Task goal:
Print all of the data exactly, but drop the pictures.

[Exercise input — start]

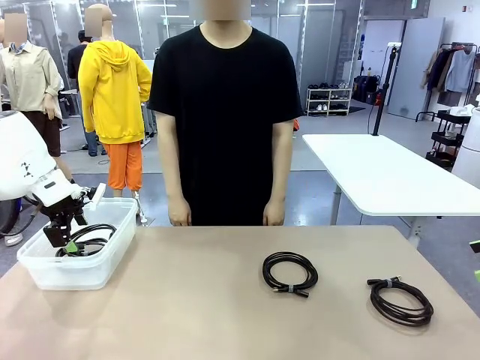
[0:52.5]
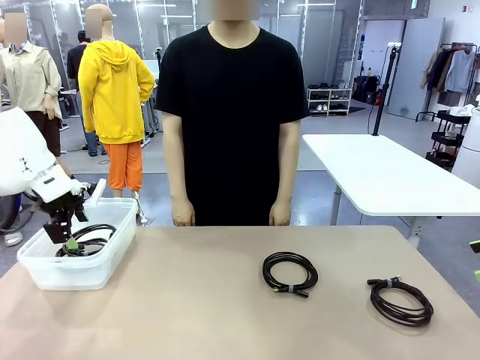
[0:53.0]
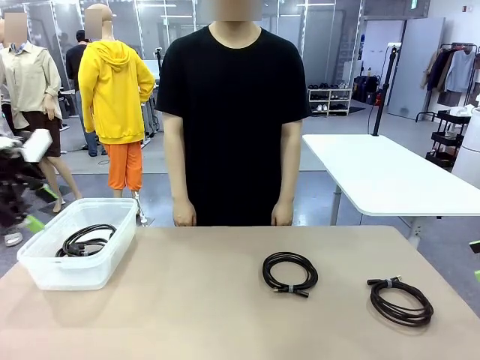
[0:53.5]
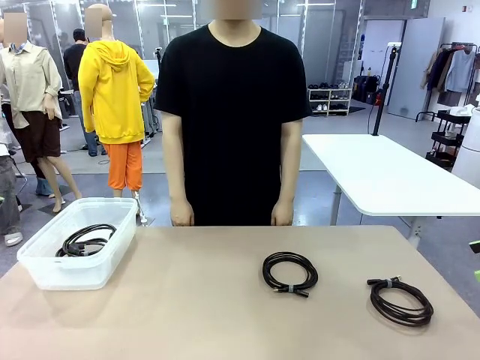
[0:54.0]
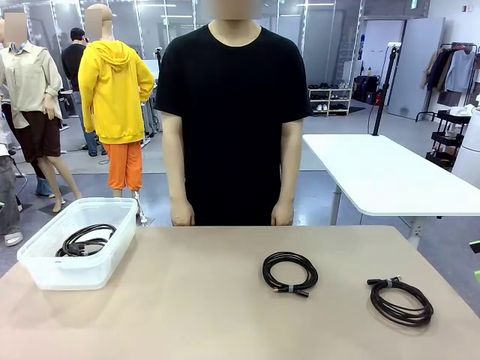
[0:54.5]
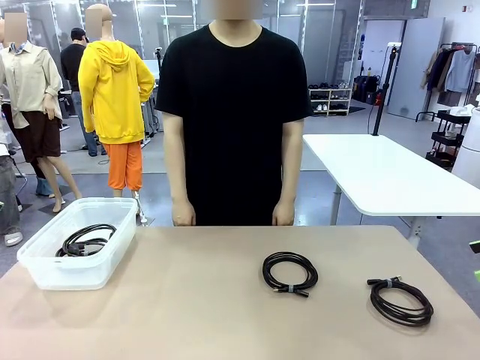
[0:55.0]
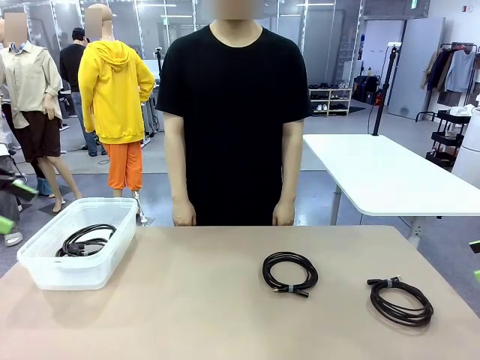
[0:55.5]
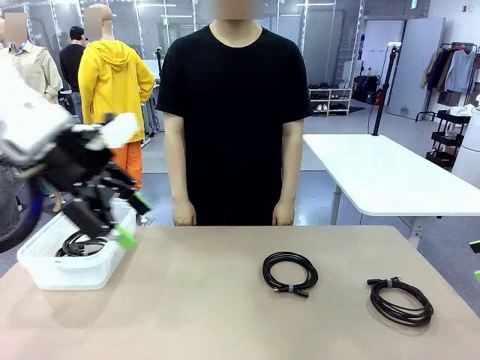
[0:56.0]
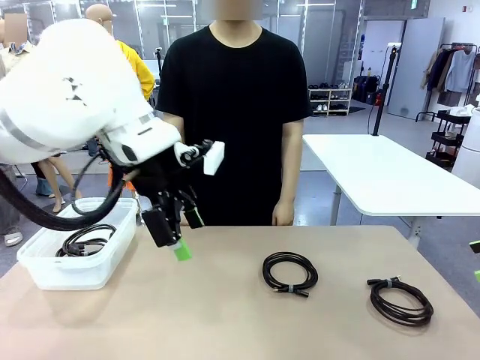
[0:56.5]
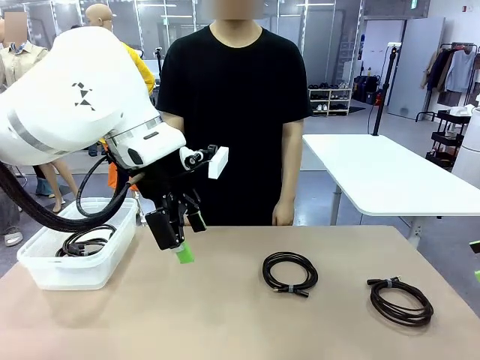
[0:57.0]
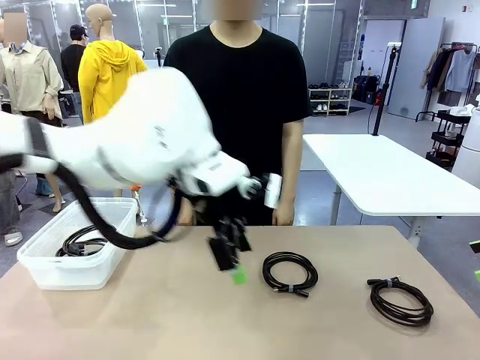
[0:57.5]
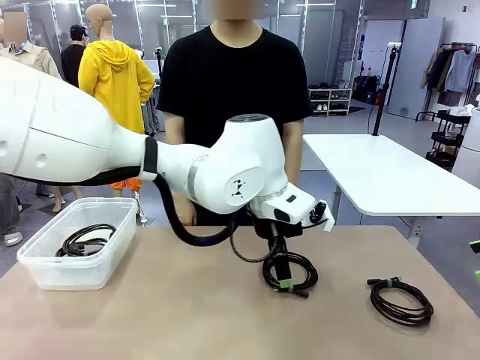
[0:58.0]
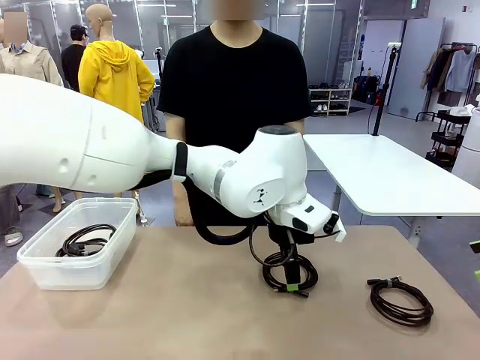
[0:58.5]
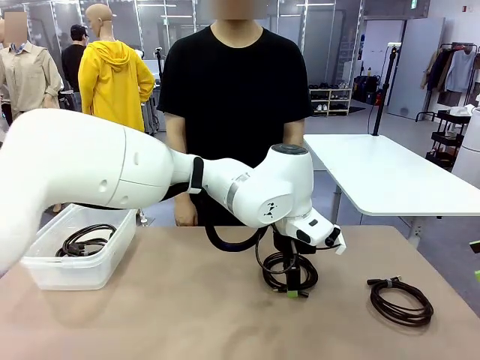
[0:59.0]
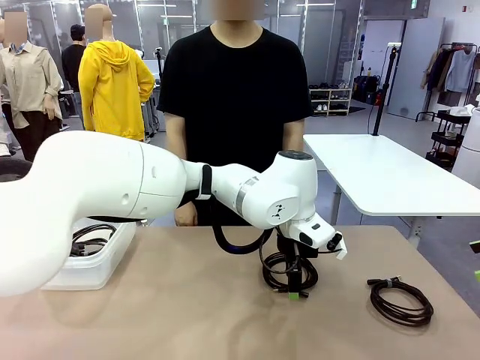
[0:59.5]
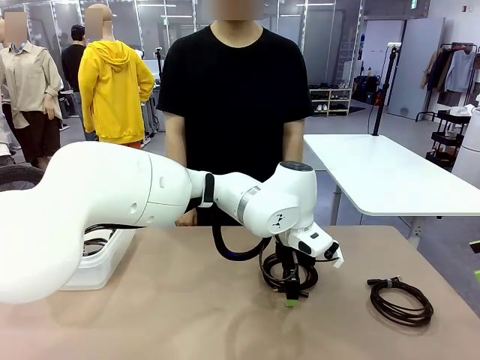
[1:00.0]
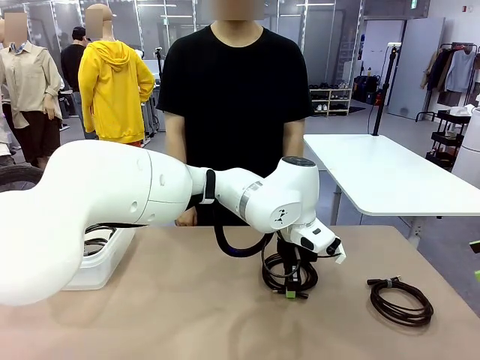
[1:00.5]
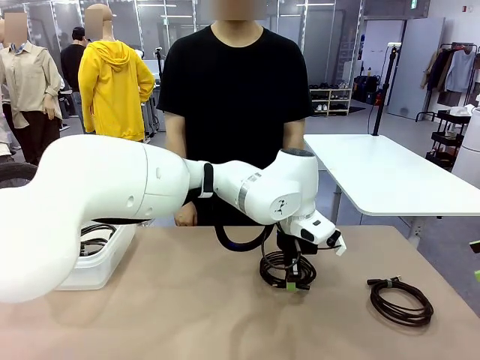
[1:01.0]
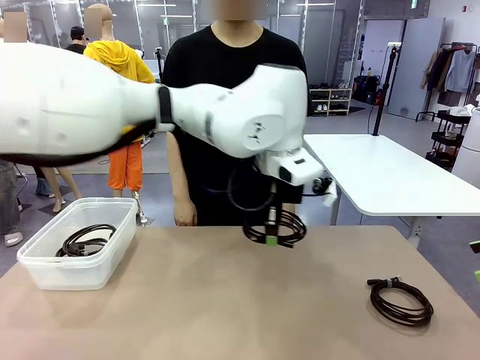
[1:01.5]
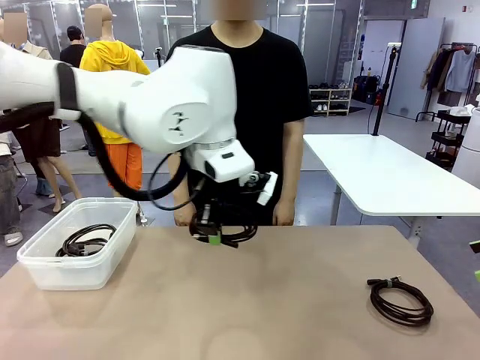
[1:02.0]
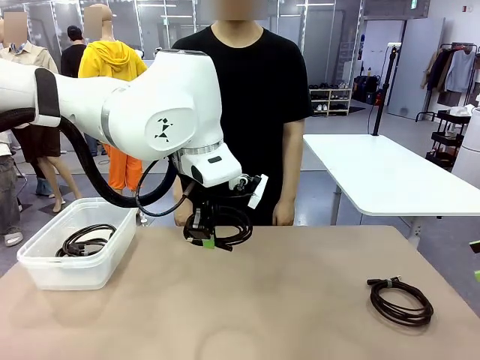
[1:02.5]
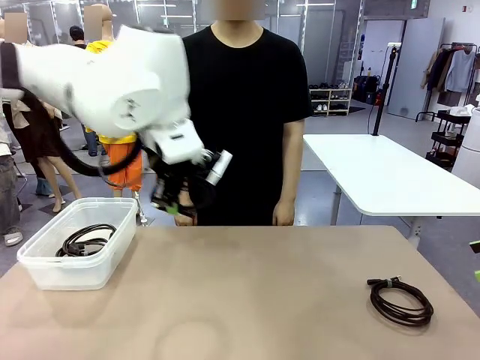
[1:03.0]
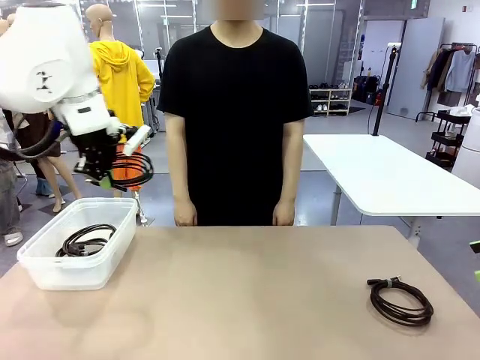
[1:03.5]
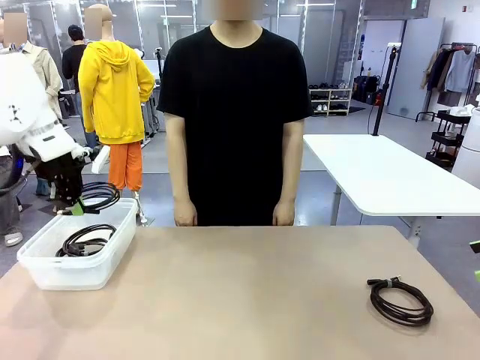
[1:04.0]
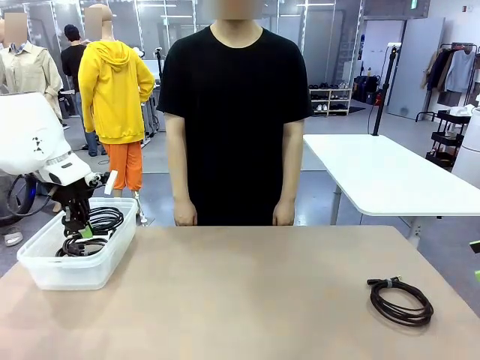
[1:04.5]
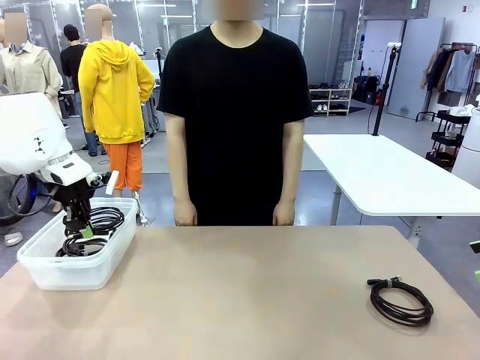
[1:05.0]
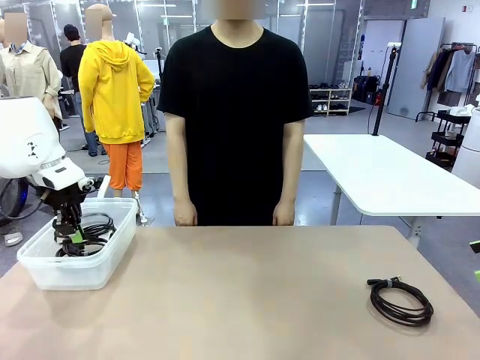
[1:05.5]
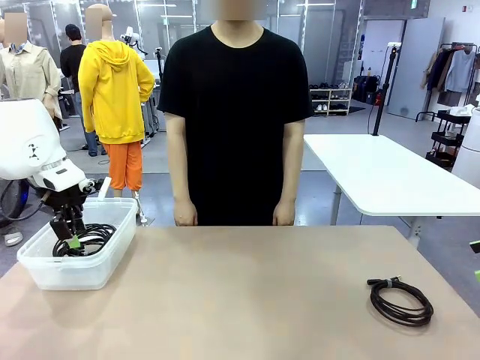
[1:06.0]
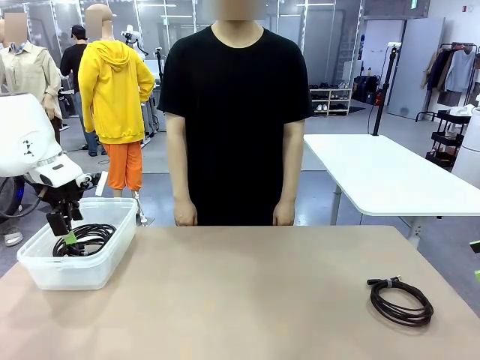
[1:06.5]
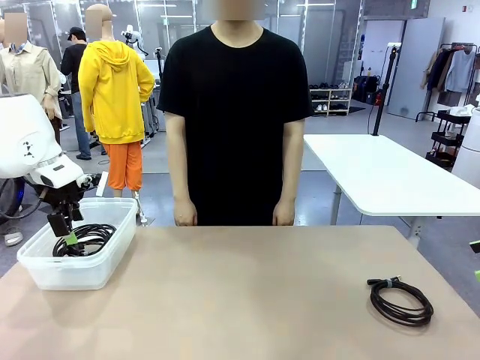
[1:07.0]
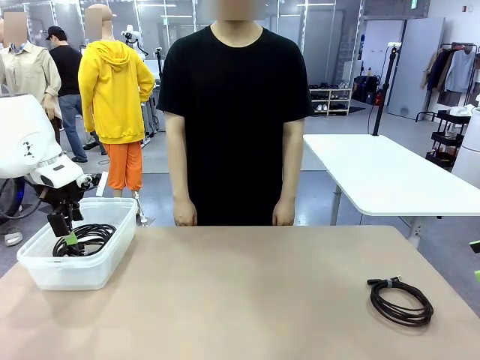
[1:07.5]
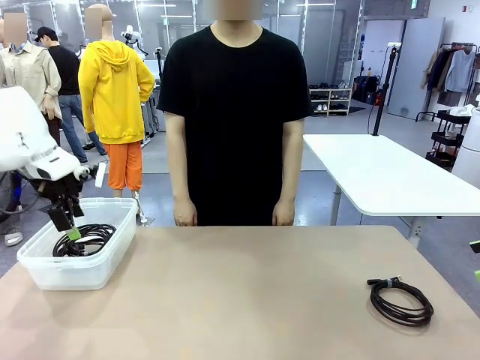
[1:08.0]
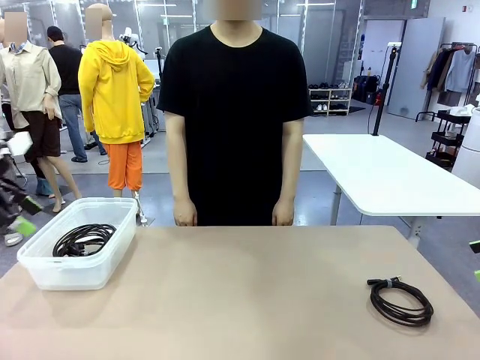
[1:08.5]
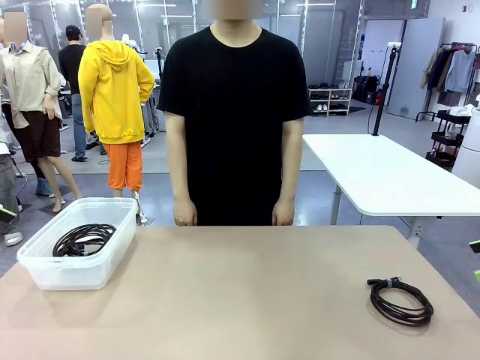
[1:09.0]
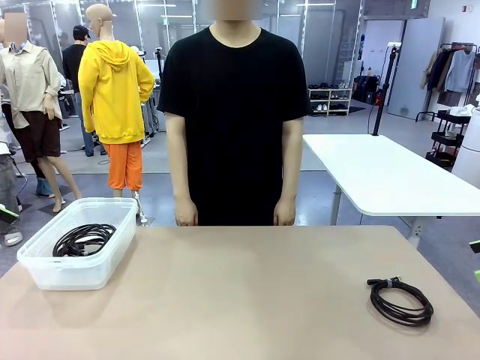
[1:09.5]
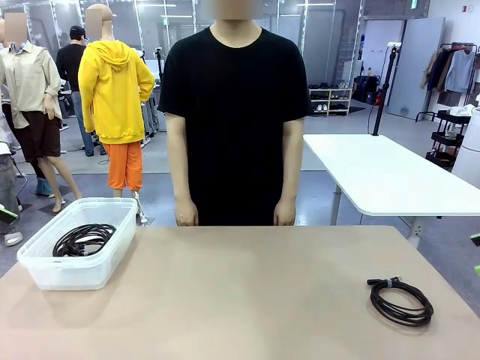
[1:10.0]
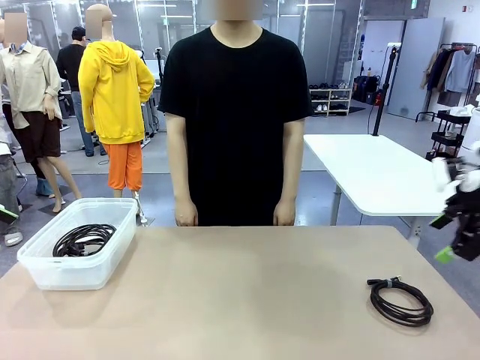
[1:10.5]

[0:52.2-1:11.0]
Task: Organize and store the cables.
Robot: Place the USB Extension Cable into the Organizing box.

[Exercise input — finish]

Answer to the exercise:
[0:52.5]
[0:53.0]
[0:53.5]
[0:54.0]
[0:54.5]
[0:55.0]
[0:55.5]
[0:56.0]
[0:56.5]
[0:57.0]
[0:57.5]
[0:58.0]
[0:58.5]
[0:59.0]
[0:59.5]
[1:00.0]
[1:00.5]
[1:01.0]
[1:01.5]
[1:02.0]
[1:02.5]
[1:03.0]
[1:03.5]
[1:04.0]
[1:04.5]
[1:05.0]
[1:05.5]
[1:06.0]
[1:06.5]
[1:07.0]
[1:07.5]
[1:08.0]
[1:08.5]
[1:09.0]
[1:09.5]
[1:10.0]
[1:10.5]

[0:52.2-1:11.0]
Task: Organize and store the cables.
Robot: Place the USB Extension Cable into the Organizing box.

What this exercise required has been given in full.